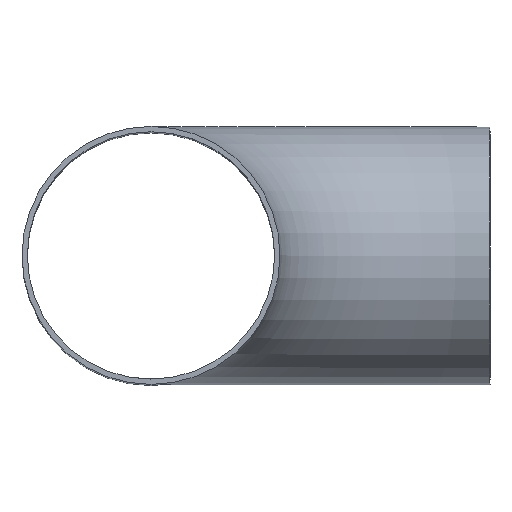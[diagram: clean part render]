
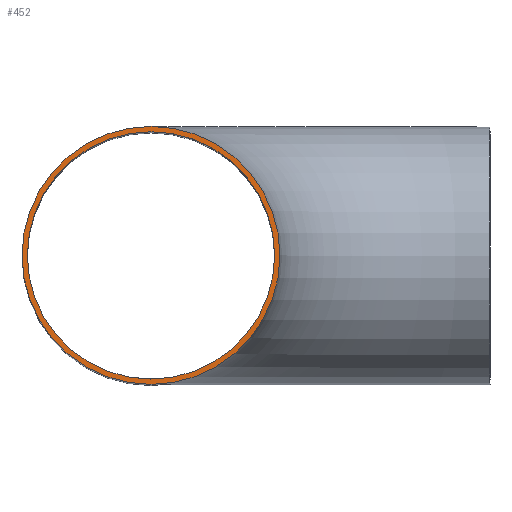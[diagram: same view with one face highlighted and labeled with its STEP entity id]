
A CAD part, top view. The second image highlights one B-rep face of the part: STEP entity #452.
In plain terms, the highlighted planar face has unit normal (0, 0, 1).
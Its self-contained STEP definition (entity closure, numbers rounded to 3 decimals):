
#73=CARTESIAN_POINT('',(0.,48.7,0.));
#74=VERTEX_POINT('',#73);
#75=CARTESIAN_POINT('',(0.,-48.7,0.));
#76=VERTEX_POINT('',#75);
#198=CARTESIAN_POINT('',(0.,0.0,0.));
#199=DIRECTION('',(0.0,0.0,-1.0));
#200=DIRECTION('',(-1.0,0.0,0.0));
#201=AXIS2_PLACEMENT_3D('',#198,#199,#200);
#202=CIRCLE('',#201,48.7);
#203=EDGE_CURVE('',#76,#74,#202,.T.);
#236=CARTESIAN_POINT('',(0.,0.0,0.));
#237=DIRECTION('',(0.0,0.0,-1.0));
#238=DIRECTION('',(-1.0,0.0,0.0));
#239=AXIS2_PLACEMENT_3D('',#236,#237,#238);
#240=CIRCLE('',#239,48.7);
#241=EDGE_CURVE('',#74,#76,#240,.T.);
#262=CARTESIAN_POINT('',(0.,-50.8,0.));
#263=VERTEX_POINT('',#262);
#264=CARTESIAN_POINT('',(0.,50.8,0.));
#265=VERTEX_POINT('',#264);
#378=CARTESIAN_POINT('',(0.0,0.0,0.0));
#379=DIRECTION('',(0.0,0.0,-1.0));
#380=DIRECTION('',(-1.0,0.0,0.0));
#381=AXIS2_PLACEMENT_3D('',#378,#379,#380);
#382=CIRCLE('',#381,50.8);
#383=EDGE_CURVE('',#263,#265,#382,.T.);
#417=CARTESIAN_POINT('',(0.0,0.0,0.0));
#418=DIRECTION('',(0.0,0.0,-1.0));
#419=DIRECTION('',(-1.0,0.0,0.0));
#420=AXIS2_PLACEMENT_3D('',#417,#418,#419);
#421=CIRCLE('',#420,50.8);
#422=EDGE_CURVE('',#265,#263,#421,.T.);
#439=CARTESIAN_POINT('',(0.0,0.0,0.0));
#440=DIRECTION('',(0.0,0.0,-1.0));
#441=DIRECTION('',(-1.0,0.0,0.0));
#442=AXIS2_PLACEMENT_3D('',#439,#440,#441);
#443=PLANE('',#442);
#444=ORIENTED_EDGE('',*,*,#422,.F.);
#445=ORIENTED_EDGE('',*,*,#383,.F.);
#446=EDGE_LOOP('',(#444,#445));
#447=FACE_OUTER_BOUND('',#446,.T.);
#448=ORIENTED_EDGE('',*,*,#241,.T.);
#449=ORIENTED_EDGE('',*,*,#203,.T.);
#450=EDGE_LOOP('',(#448,#449));
#451=FACE_BOUND('',#450,.T.);
#452=ADVANCED_FACE('',(#447,#451),#443,.F.);

============

Copy each line, exactly, that falls between the line containing "#443=PLANE('',#442);" and the end of the entries, both included.

■ Output below ■
#443=PLANE('',#442);
#444=ORIENTED_EDGE('',*,*,#422,.F.);
#445=ORIENTED_EDGE('',*,*,#383,.F.);
#446=EDGE_LOOP('',(#444,#445));
#447=FACE_OUTER_BOUND('',#446,.T.);
#448=ORIENTED_EDGE('',*,*,#241,.T.);
#449=ORIENTED_EDGE('',*,*,#203,.T.);
#450=EDGE_LOOP('',(#448,#449));
#451=FACE_BOUND('',#450,.T.);
#452=ADVANCED_FACE('',(#447,#451),#443,.F.);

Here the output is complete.